Quando ouvimos o Presidente da República no discurso do Estado da Nação ou no do cinquentenário da independência, ou os deputados a defenderem o OGE, repetindo argumentos estafados e promessas vazias, perguntamo-nos se eles próprios acreditam no que dizem. As promessas não assentam em real vontade política, nem em capacidade de realização de instituições tão desqualificadas como as nossas e muito menos no desejo de mudança do modus operandi do Estado. Ora, esta é a principal razão do insucesso da diversificação da economia e dos sucessivos projectos descontinuados e também a principal razão da falta de rumo do nosso desenvolvimento.

A persistência de problemas sem solução, associada ao que se passou com países que o abandonaram, permite-nos concluir que o modelo da modernização está esgotado. Infelizmente, a nossa academia, com uma ou outra excepção, não tem sido suficientemente capaz de estudar e de debater a problemática do desenvolvimento. Porém, as evidências empíricas já nos permitem dizer que a participação cidadã é uma questão chave que deve ser tratada de modo aberto e sem amarras partidárias. Por tal razão, a instauração do poder local e a opção pelo desenvolvimento local inclusivo (com o envolvimento de mulheres e de jovens) e participativo, com foco em sectores que possam aquecer as economias nos municípios, como a agricultura, o comércio, a agro-indústria de proximidade e os transportes, por exemplo, e com base em micro e pequenas empresas, pode ser o caminho para uma diversificação da economia, digamos, sustentável.
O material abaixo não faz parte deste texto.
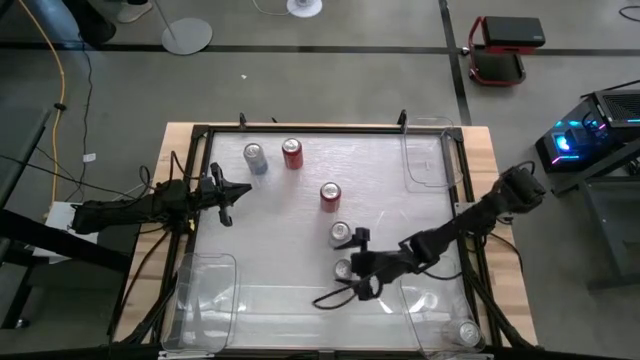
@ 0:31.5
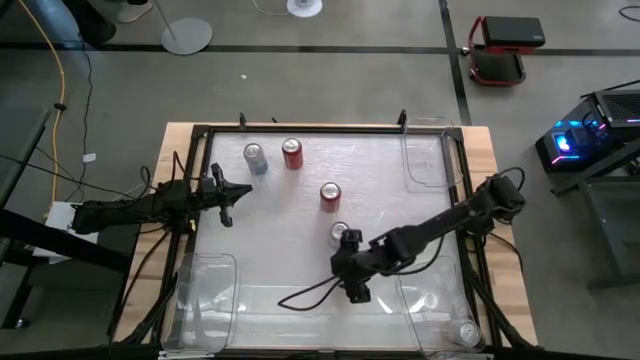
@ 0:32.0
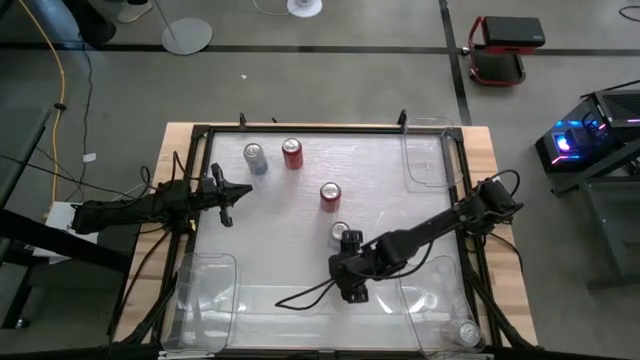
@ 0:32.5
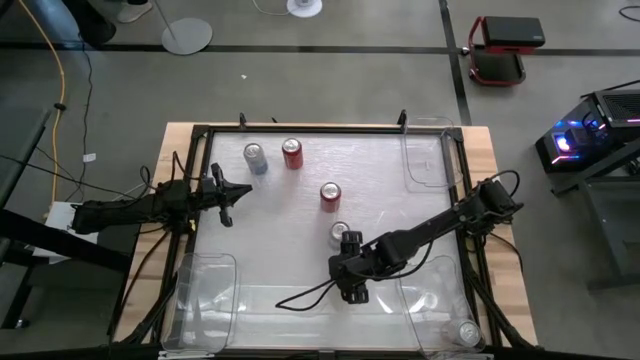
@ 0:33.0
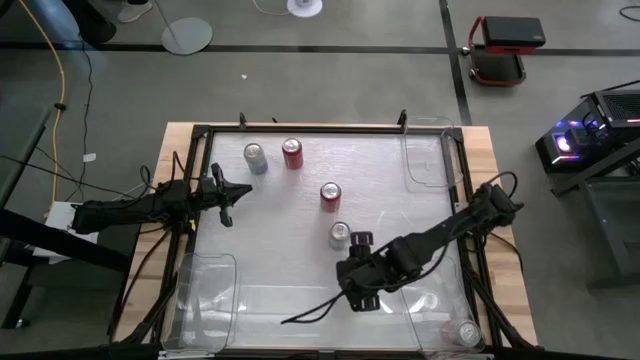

Trata-se, arrisco em dizer, de uma mudança de paradigma, que favorece a cidadania, o controlo cidadão e o aproveitamento dos recursos internos, ao qual se pode associar um modelo assente numa democracia construída a partir do local e das comunidades e capaz de resgatar a ética tão ausente da sociedade. É nessa perspectiva que deve ser entendido o desenvolvimento sustentável, isto é, economicamente viável, socialmente justo, politicamente inclusivo e ambientalmente responsável.

Este caminho futurista não parece possível sem o pacto de regime de que tanto se tem falado e ao qual o actual poder não presta a mínima atenção. E esse pacto não será possível sem que a reconciliação nacional seja efectiva. O fracasso do congresso da CEAST é algo que deve merecer profunda reflexão e debate. Não é aceitável que, depois de criada uma elevada expectativa, se tenha deparado com a situação nada simpática da cadeira vazia sem uma explicação pública. Perdeu-se mais uma oportunidade para desbravar o caminho da reconciliação nacional.